On Perec's "La vie mode d'emploi"

On Perec's "La vie mode d'emploi"

Last week I just finished, after a quite a few months (yes, it’s hard to concentrate on books these days with all these electronic distractions), George Perec’s massive book “La vie mode d’emploi”. Perec’s book is an encyclopaedic tome that probably is the closest thing in the French language I think to a Gaddis or a Pynchon that I’ve come across, at least in terms of scope. And certainly in terms of length (more than 600 pages long). And written in a French is which is pretty damn obscure — I did have frequent recourses to asking ML “what does that word mean”?

The book describes all the inhabitants of a Parisian apartment building situated on the fictional Rue Simon-Crubeiller. And I when I say all the inhabitants, I mean all those who lived there from the building’s construction to around the mid 1970s — everyone who has lived in each apartment of each floor of the building. The book features not only an index, but also a chronological list of all the major events of the book, as well as a list of all the many stories that Perec tells us — by story, I mean here a short history or “fait divers” in most cases lasting no more than a few pages. And usually, but always, often ending badly or surprisingly.

All classes of characters swarm through the pages of Perec’s book — artists, confidence tricksters, millionaires, accountants, doctors, scholars, scientists. Perec fills his book with spurious scholarship, made-up citations from imaginary specialists of every field of human knowledge. Many characters spend their entire lives of fruitless quests that often end in failure, pursuing impossible endeavours. He includes everything. There are endless enumerations of every object found in the cellars of certain apartments. Paintings and interior decorations are described in excruciating detail. Not only the paintings themselves, but also the stories which take place inside the paintings. At one point, all the objects found in the stairway of the building over the last few decades is listed. Many of the characters know other characters in the building, but many others live separate lives. The events described in the book cover the four corners of the Earth, although we never leave rue Simon-Crubellier.
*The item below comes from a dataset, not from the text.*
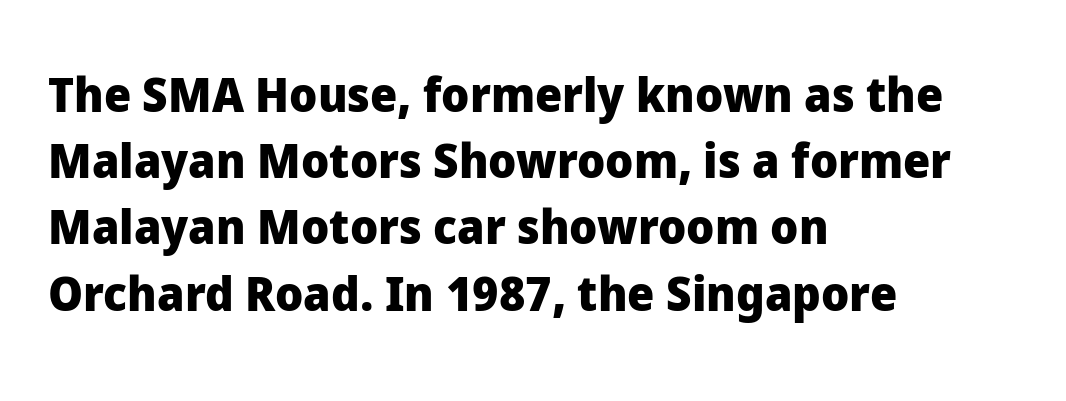
Ordinary non-slanted type is in use. The setting favours the left margin, as ordinary paragraphs usually do. Notice how thick the strokes are: this is what a full bold looks like. What stands out about the letter spacing? Nothing — it is the standard amount. The gap between lines stays unmarked. In terms of leading, this rendering sits right in the middle.
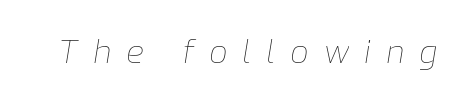
{"italic": "yes", "lean": "right", "slant_degrees": 9, "bold": "no", "weight": "thin", "width": "normal", "stroke_contrast": "low", "x_height": "medium", "monospaced": "no", "underline": "no", "letter_spacing": "wide", "letter_spacing_em": 0.48, "glyph_px": 32}

The main story running through the book is that of English billionaire Percival Bartelbooth, whose life’s work consists of a decades-long project to travel the four corners of the world (staying away from Paris for almost twenty years I think) and paint a series of watercolours in different seaside spots; back in Paris at rue Simon-Crubeiller, artisan Gaspard Winckler, on the orders of Bartelbooth, transforms each of these painting into a complicated jigsaw puzzle. For the next twenty years, Bartelbooth devotes all his energies to solving these puzzles; as each one is solved, he returns to the place where he first painted the picture and dissolves it, leaving a blank sheet of paper. Yup: I’m reminded of Beckett: everything we do in life is a means to avoid boredom.

Reading the book I couldn’t help thinking of the building I was reading it in: our building here at Avenue Rene-Coty was built at around the same time as Perec’s fictional building at 11, Rue Simon-Crubeller. Both of them are Haussmannien structures, built during the great housing boom in Paris at the end of the 19th century. Although, unlike Perec’s building, the most of the apartments in the building here have remained in the same family since its construction — talk about a particularly astute purchase, given that most of the apartments today in this seven-floor building are now worth more than 400,000 euros. I wonder what are all the stories of all the people who have lived here over the last 150 or so years?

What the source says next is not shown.